I want to solve the system of equations , $$\left\{ \begin{array}{rcl} y^3 − 9x^2 + 27x − 27 &=& 0\\ z^3 − 9y^2 + 27y − 27 &=& 0\\ x^3 − 9z^2 + 27z − 27 &=& 0\\ \end{array} \right.$$
Since I've never solved a non linear system of equations in more than 2 variables and containing different degree terms in each equation ( Here , each equation contains degree 3 , degree 2 and degree 1 terms ) , I don't know where to begin.
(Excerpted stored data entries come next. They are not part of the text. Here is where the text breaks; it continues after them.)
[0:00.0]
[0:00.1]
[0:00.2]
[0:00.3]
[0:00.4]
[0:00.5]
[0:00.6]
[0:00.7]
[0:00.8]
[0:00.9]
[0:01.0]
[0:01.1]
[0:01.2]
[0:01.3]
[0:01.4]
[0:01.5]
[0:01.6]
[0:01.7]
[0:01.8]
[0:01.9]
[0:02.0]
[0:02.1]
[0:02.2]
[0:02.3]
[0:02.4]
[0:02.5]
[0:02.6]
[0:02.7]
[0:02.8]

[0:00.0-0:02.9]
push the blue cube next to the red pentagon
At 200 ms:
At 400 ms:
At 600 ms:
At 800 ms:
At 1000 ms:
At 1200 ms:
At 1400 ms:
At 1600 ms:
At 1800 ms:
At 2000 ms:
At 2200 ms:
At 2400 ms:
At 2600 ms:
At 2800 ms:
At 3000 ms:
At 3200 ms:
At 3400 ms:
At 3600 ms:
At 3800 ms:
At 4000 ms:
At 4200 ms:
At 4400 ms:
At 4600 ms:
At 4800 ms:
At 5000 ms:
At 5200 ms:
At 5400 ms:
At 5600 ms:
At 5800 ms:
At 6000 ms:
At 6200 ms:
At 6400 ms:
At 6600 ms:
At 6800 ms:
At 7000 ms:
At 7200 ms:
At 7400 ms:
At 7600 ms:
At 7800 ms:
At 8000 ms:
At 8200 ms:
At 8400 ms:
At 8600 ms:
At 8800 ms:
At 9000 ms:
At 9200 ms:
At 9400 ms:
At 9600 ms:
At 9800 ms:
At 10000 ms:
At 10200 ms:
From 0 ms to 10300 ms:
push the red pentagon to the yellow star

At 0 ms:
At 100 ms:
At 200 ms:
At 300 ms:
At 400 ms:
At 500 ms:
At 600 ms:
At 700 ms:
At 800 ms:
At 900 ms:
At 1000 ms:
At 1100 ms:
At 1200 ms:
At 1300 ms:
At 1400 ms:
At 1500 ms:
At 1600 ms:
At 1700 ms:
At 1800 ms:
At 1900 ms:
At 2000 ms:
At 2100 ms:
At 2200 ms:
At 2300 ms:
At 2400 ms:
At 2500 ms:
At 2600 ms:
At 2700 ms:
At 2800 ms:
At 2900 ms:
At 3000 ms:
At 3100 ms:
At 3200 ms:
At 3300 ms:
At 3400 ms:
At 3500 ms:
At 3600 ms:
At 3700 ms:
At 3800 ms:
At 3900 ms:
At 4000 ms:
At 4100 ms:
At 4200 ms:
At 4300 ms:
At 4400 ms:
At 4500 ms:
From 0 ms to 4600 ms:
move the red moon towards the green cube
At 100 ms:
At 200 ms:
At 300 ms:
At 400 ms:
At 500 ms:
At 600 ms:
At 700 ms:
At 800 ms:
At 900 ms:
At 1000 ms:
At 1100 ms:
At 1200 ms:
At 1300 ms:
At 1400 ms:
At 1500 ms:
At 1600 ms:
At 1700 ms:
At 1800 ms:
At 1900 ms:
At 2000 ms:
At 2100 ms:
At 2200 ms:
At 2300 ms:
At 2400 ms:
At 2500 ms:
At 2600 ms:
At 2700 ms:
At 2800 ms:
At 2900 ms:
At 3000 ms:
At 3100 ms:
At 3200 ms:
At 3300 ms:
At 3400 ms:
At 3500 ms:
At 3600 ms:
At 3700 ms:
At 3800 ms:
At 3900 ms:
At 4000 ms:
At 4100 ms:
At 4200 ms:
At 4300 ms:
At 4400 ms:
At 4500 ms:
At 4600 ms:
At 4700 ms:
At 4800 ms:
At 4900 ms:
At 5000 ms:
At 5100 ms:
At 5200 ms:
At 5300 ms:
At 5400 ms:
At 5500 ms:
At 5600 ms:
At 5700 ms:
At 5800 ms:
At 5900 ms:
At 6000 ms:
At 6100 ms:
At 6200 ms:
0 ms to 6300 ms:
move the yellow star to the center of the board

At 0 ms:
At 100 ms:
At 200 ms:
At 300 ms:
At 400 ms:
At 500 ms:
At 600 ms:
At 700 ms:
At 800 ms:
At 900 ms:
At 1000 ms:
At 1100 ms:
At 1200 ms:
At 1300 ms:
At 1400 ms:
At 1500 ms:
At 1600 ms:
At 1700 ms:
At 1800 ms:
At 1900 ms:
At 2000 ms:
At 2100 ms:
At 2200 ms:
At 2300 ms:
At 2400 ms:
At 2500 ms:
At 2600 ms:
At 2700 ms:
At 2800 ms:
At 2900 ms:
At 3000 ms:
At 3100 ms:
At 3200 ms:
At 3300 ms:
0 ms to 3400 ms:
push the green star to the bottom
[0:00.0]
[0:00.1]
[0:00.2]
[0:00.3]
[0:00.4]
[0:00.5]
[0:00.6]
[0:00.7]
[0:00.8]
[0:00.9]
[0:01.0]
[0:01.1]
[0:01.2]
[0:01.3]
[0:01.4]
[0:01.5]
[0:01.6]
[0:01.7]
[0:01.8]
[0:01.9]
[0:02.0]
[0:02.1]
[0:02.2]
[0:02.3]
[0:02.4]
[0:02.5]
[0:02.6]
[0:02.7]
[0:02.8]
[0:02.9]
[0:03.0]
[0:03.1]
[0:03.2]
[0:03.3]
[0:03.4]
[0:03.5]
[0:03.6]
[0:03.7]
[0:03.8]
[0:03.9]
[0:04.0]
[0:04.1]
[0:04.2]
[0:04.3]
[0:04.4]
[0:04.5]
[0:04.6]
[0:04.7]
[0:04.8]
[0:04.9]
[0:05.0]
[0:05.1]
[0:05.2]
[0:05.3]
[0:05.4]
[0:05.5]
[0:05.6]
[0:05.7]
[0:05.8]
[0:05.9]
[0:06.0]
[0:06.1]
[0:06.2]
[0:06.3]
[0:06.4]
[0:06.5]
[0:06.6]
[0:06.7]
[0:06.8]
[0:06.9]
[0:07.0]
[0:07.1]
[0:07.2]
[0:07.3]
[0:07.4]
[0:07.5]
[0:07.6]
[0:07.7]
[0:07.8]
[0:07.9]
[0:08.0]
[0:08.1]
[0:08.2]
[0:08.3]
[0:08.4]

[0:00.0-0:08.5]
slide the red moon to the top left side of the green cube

I'm only concerned about real roots .
Actually I checked wolfram alpha and it seems that all real roots are integers , the solution is $(3,3,3)$ . However I want to know how to solve this system ( by hand )
Please help.
For integer solutions:
You can rewrite the equations using
$$y^3 - 9x^2 +27x - 27 = y^3 - x^3 + (x-3)^3$$
and similarly for the two other equations. Adding the three equations then yields
$$(x-3)^3 + (y-3)^3 + (z-3)^3 = 0.$$
It is long known that in all integer solutions of the equation $a^3 + b^3 = c^3$, one of the integers must be $0$. Our equation is (modulo rearranging) exactly that, so we must have $x = 3$ or $y = 3$ or $z = 3$.
Suppose $x=3$. Then the first equation reduces to $y^3 - x^3 = 0$, hence $y^3 = 27$, hence $y = 3$. In the same way, it follows that $z = 3$. Starting from $y = 3$ or $z = 3$ yields the same. So $(3,3,3)$ is the only integer solution to the system.
Now, for any real solution, we still have by adding the equations
$$(x-3)^3 + (y-3)^3 + (z-3)^3 = 0,$$
so if one of $x,y,z$ were different from $3$, one of the three at least would be larger than $3$. Without loss of generality, let $x = 3 +\delta > 3$. Then, from the first equation, we obtain
$$\begin{align} y^3 &= x^3 - (x-3)^3\\ &= (3+\delta)^3 - \delta^3\\ &= 3^3 + 27\delta + 9\delta^2\\ &> 3^3, \end{align}$$
so also $y > 3$. The same reasoning for the second equation then yields $z > 3$, and so
$$(x-3)^3 + (y-3)^3 + (z-3)^3 > 0$$
contradicting the assumption that $(x,y,z)$ is a solution of the system.
Hence $(3,3,3)$ is the only real solution of the system.